Tuesday, March 06, 2012

Transcription
[Transcription provided by Auckland Libraries staff]

Honolulu, May 15,/82

Sir Geo. Grey

Kawau

New Zealand

Dear Sir

I thank you for the kind message which you sent me by Mr Knudsen. I have always remembered with much pleasure the short but pleasant visit which you paid us in 1870.

I send you by this mail a little treatise on our system of Land Titles, which I have just had published, & which may interest you.

Our Legislature is now in session. Great changes are rapidly going on in this little country, & not all for the better. The native Polynesians are decreasing as fast as ever, & the Chinese will inevitably take their places. The country is full of petty Chinese store keepers, peddlers & tramps, who live on the illicit sale of opium & gin to natives. In fact the natives are determined to abolish "Class Legislation", i.e. to repeal all laws forbidding the sale of liquor to natives. An effort is being made to carry a total prohibition law, something like the celebrated "Maine Law", but it will not succeed.

The Chinese from their secrecy & exclusiveness, their talent for organization, & for acquisition, are becoming a dangerous element here. On Darwin's theory they will "survive" here in "the struggle for life" as the "fittest." Already they are a majority of the adult males in this little Kingdom.

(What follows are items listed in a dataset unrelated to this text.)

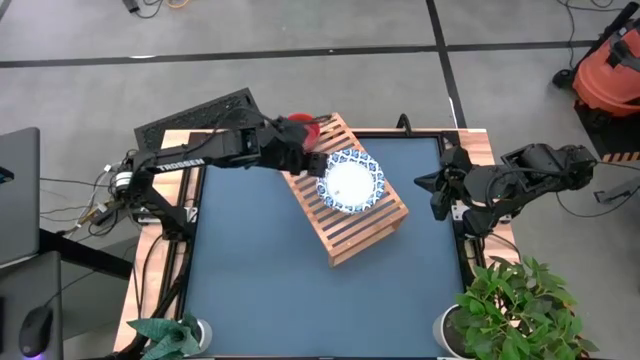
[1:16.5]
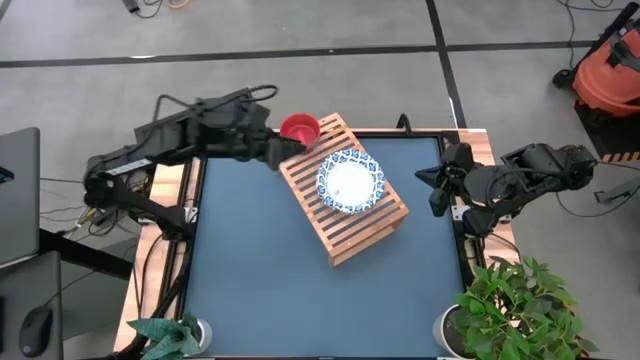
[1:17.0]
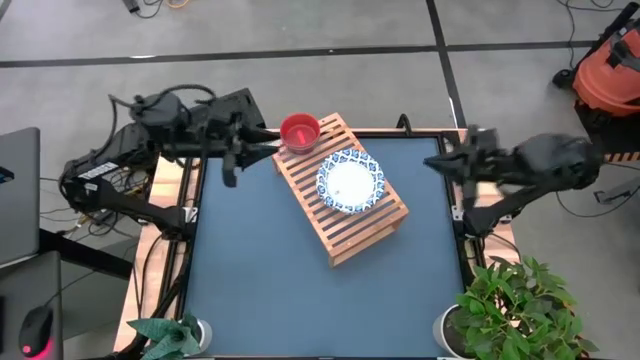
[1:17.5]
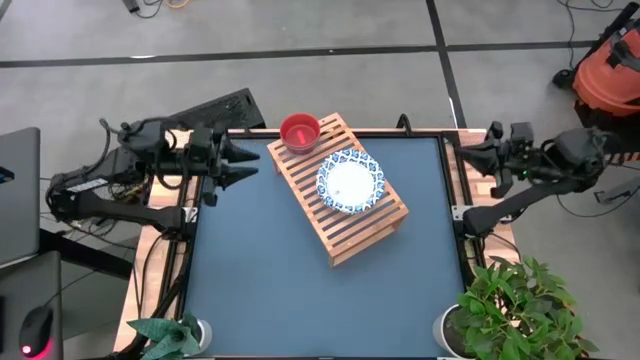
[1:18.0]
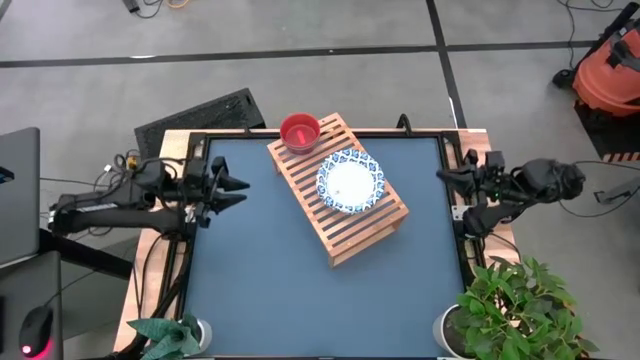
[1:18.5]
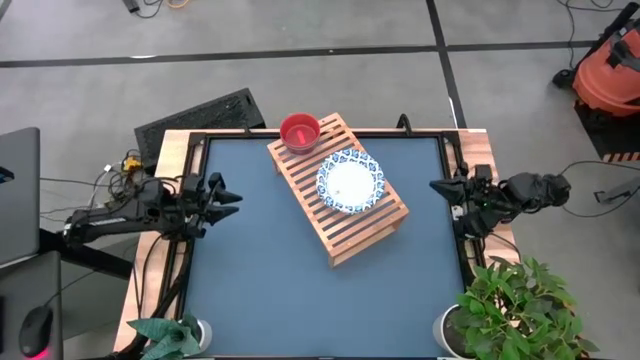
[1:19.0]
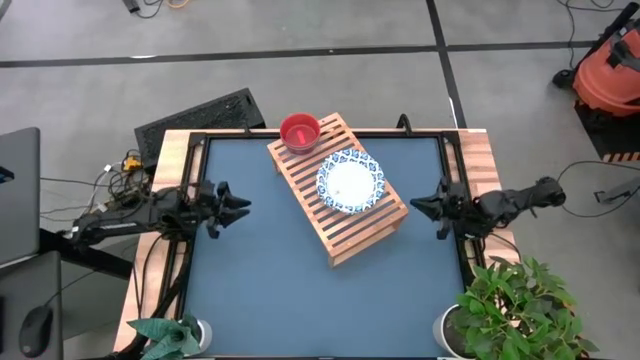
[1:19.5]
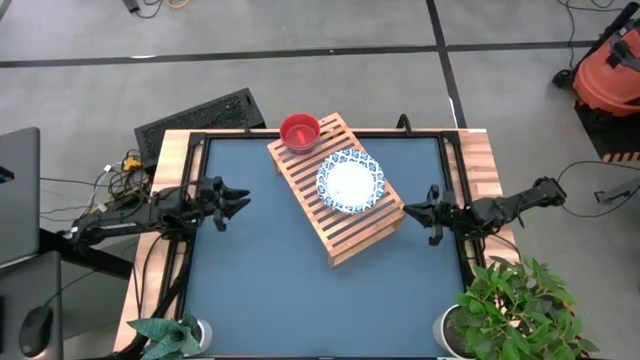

I am afraid that the King's (i) tour around the world has not benefited him much. The danger is that he will follow the example of the late Khedive (ii) of Egypt in borrowing & in extravagance.

The natives who have the political power by our present Constitution, pay but a small proportion, one seventh I think, of the taxes, and begin to understand that fact. In fact Communistic ideas are spreading among them, & race hatred is being stirred up by demagogues.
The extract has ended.